### WHAT YOU HAVE TO DO
Every record below is to be repeated exactly, with the pictures left out.

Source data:
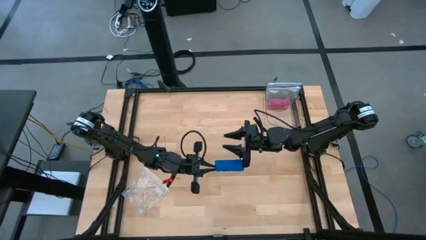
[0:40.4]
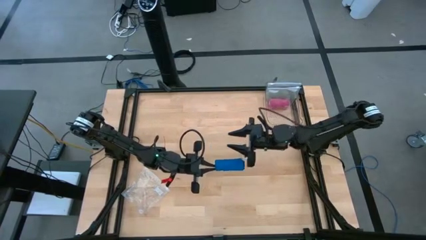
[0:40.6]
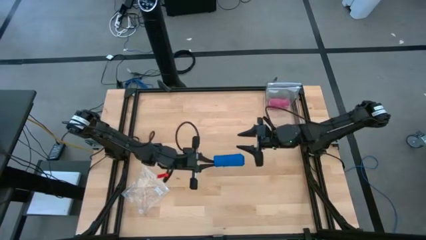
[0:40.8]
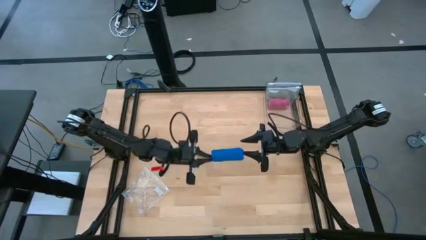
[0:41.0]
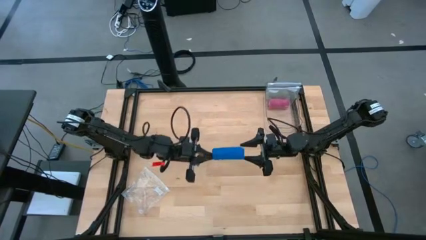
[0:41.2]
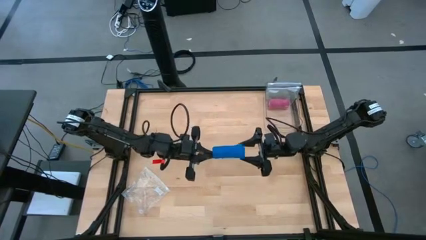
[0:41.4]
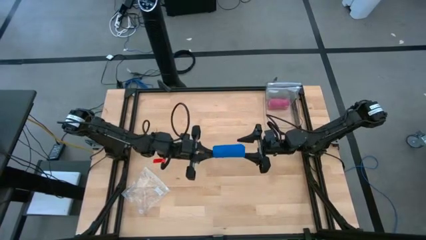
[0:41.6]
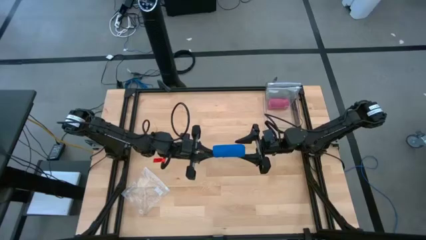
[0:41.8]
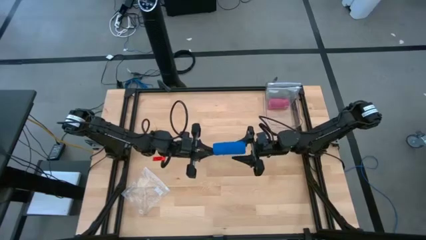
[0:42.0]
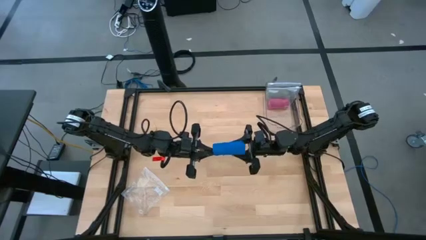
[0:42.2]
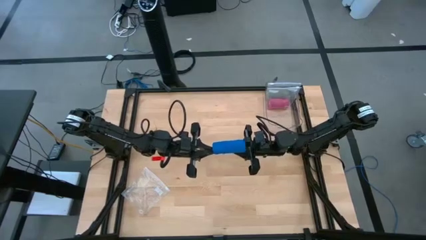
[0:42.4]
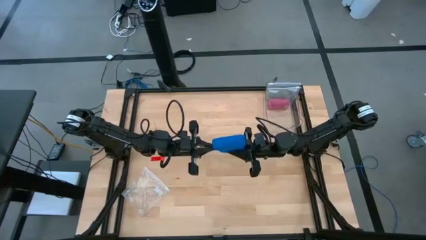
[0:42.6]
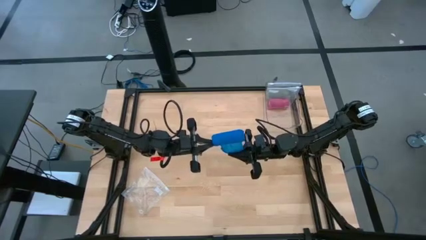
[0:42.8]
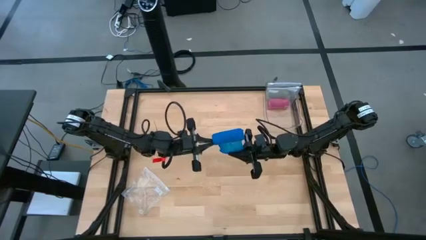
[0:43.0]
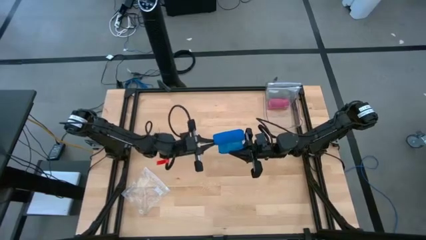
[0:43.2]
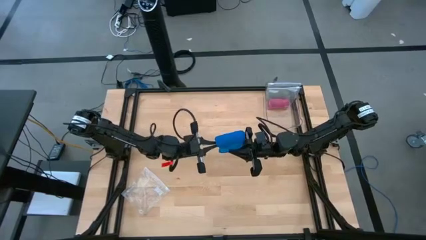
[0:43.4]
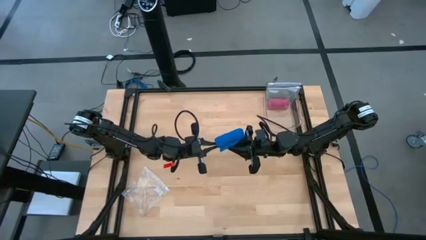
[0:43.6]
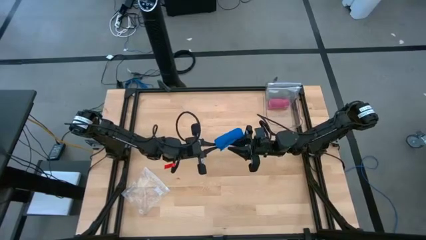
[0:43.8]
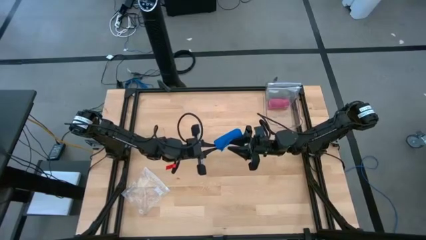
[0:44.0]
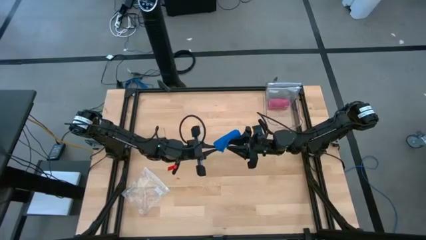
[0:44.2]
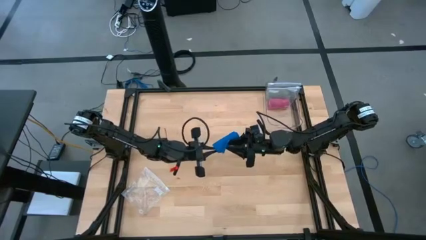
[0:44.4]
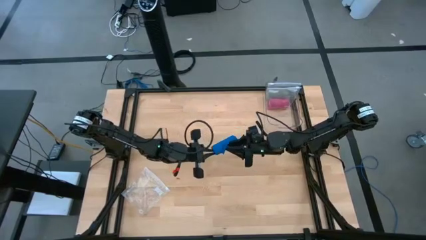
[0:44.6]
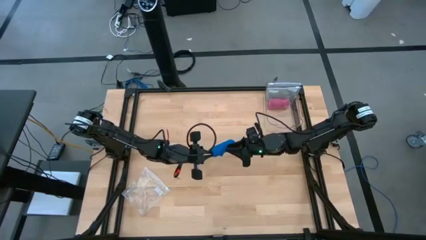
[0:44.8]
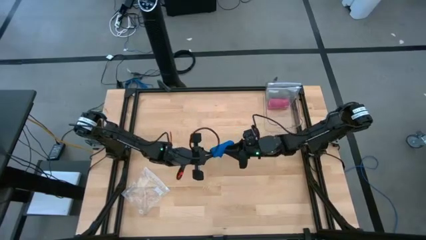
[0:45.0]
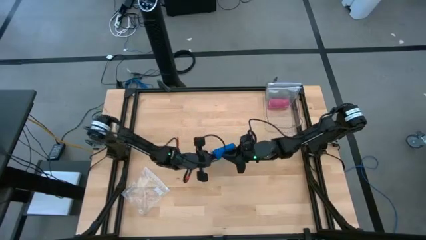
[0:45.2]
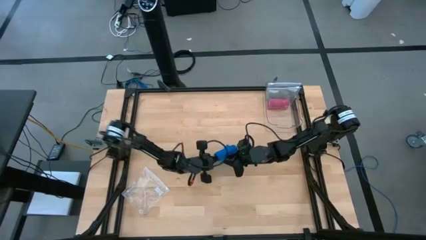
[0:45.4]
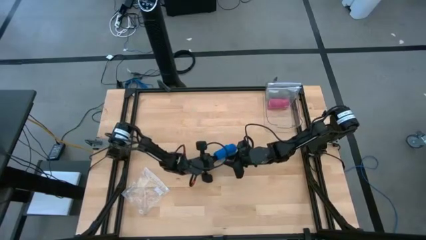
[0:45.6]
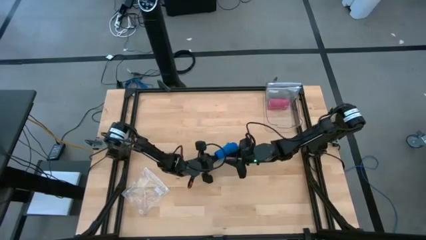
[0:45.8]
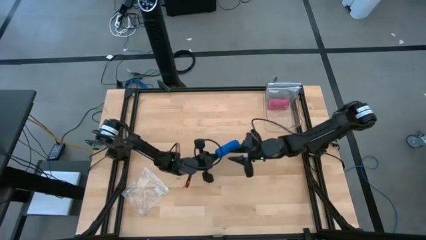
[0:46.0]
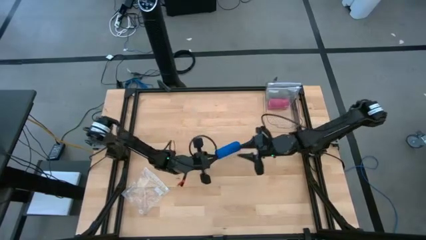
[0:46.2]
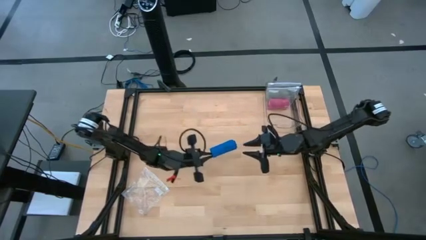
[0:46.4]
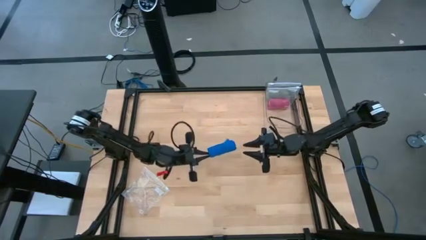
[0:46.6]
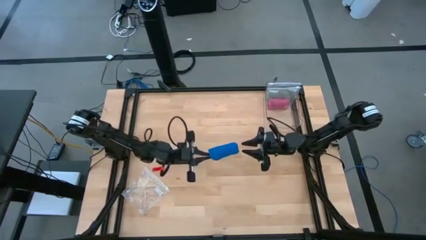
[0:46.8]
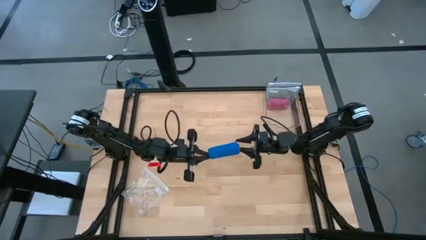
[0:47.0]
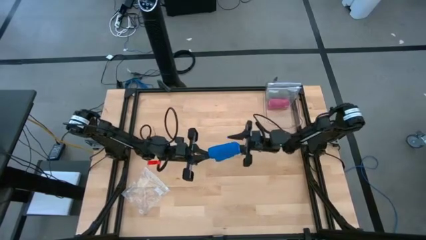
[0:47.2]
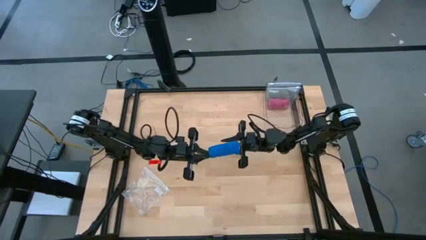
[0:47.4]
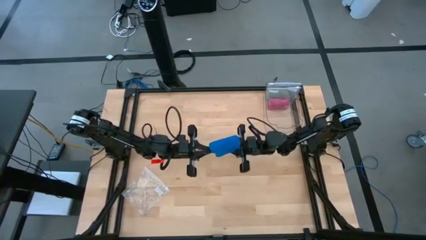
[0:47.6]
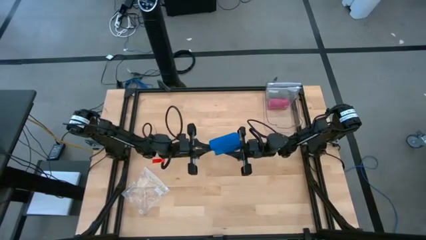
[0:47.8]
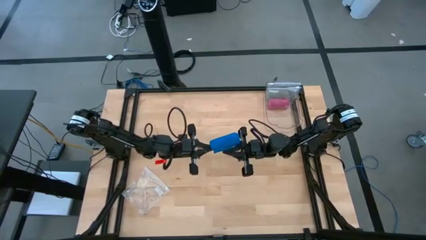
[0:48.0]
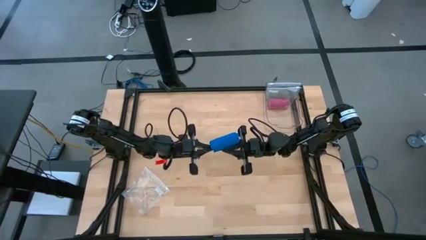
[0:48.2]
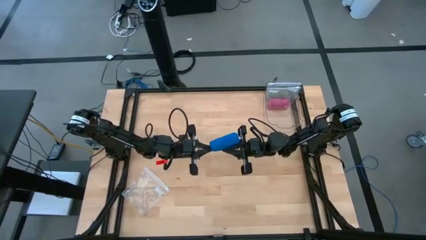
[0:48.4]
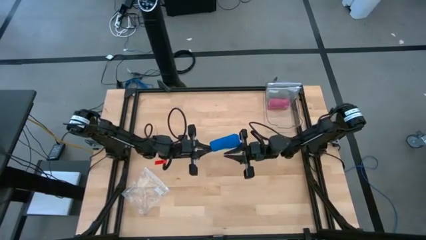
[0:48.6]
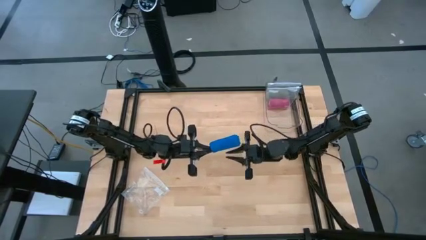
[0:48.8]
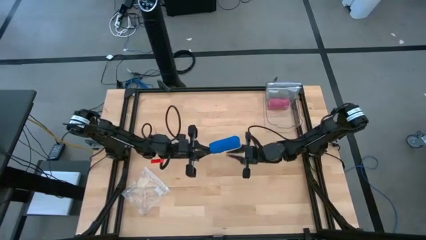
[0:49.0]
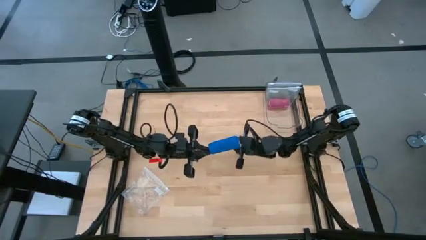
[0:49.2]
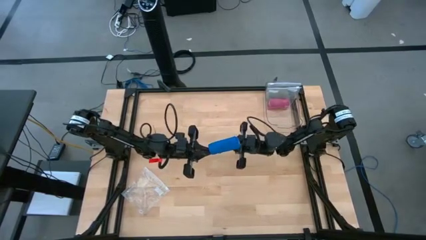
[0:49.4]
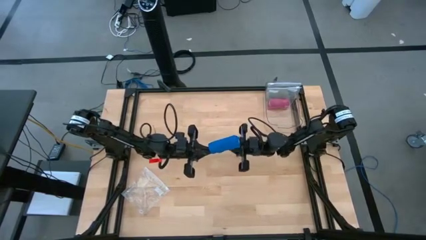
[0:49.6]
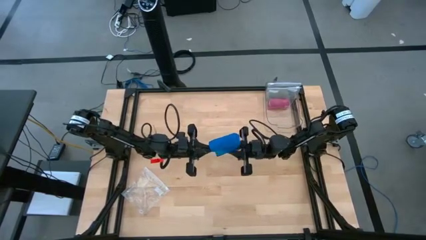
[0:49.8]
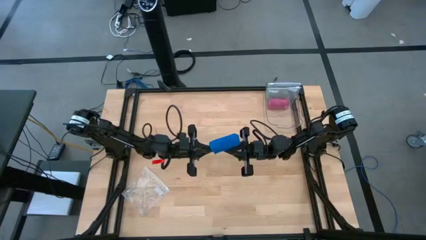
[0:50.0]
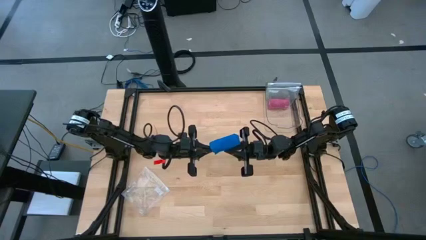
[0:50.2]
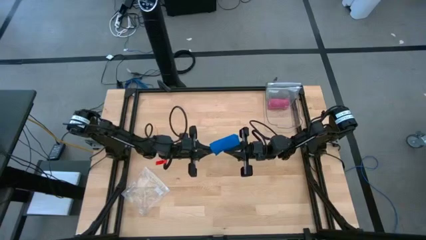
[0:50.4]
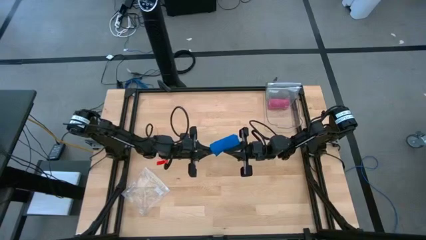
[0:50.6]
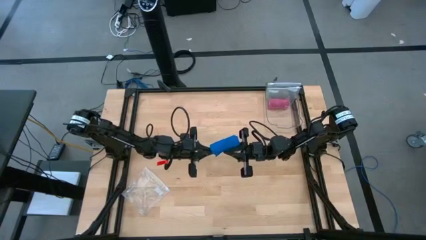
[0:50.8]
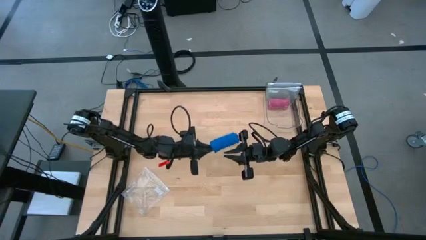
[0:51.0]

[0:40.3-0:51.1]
Task: Roll bandage
Roll the blue bandage

### EXERCISE RESULT
[0:40.4]
[0:40.6]
[0:40.8]
[0:41.0]
[0:41.2]
[0:41.4]
[0:41.6]
[0:41.8]
[0:42.0]
[0:42.2]
[0:42.4]
[0:42.6]
[0:42.8]
[0:43.0]
[0:43.2]
[0:43.4]
[0:43.6]
[0:43.8]
[0:44.0]
[0:44.2]
[0:44.4]
[0:44.6]
[0:44.8]
[0:45.0]
[0:45.2]
[0:45.4]
[0:45.6]
[0:45.8]
[0:46.0]
[0:46.2]
[0:46.4]
[0:46.6]
[0:46.8]
[0:47.0]
[0:47.2]
[0:47.4]
[0:47.6]
[0:47.8]
[0:48.0]
[0:48.2]
[0:48.4]
[0:48.6]
[0:48.8]
[0:49.0]
[0:49.2]
[0:49.4]
[0:49.6]
[0:49.8]
[0:50.0]
[0:50.2]
[0:50.4]
[0:50.6]
[0:50.8]
[0:51.0]

[0:40.3-0:51.1]
Task: Roll bandage
Roll the blue bandage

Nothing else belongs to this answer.